▶ **Problem description**: Give again exactly, and only, the lines between the line holding "Q: Width (condensed, normal, or" and the end of the listing, both boundary lines included.

════════════════

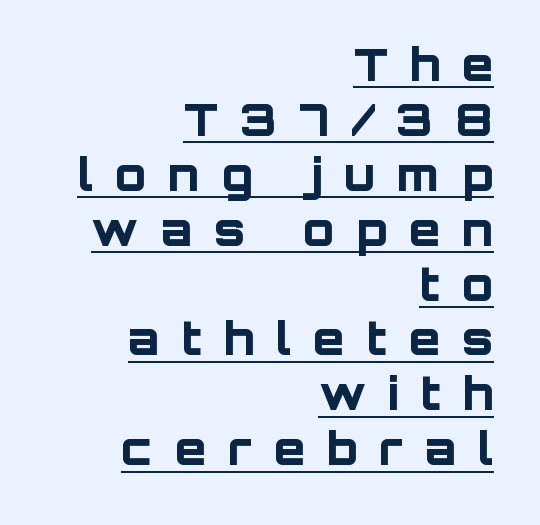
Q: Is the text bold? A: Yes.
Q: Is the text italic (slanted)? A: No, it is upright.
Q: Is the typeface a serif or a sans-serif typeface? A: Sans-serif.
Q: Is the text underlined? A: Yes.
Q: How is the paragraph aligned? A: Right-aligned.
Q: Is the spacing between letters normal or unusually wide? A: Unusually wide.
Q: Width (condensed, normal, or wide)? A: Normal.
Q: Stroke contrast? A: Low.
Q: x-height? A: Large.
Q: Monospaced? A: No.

════════════════

▶ **Task output**:
Q: Width (condensed, normal, or wide)? A: Normal.
Q: Stroke contrast? A: Low.
Q: x-height? A: Large.
Q: Monospaced? A: No.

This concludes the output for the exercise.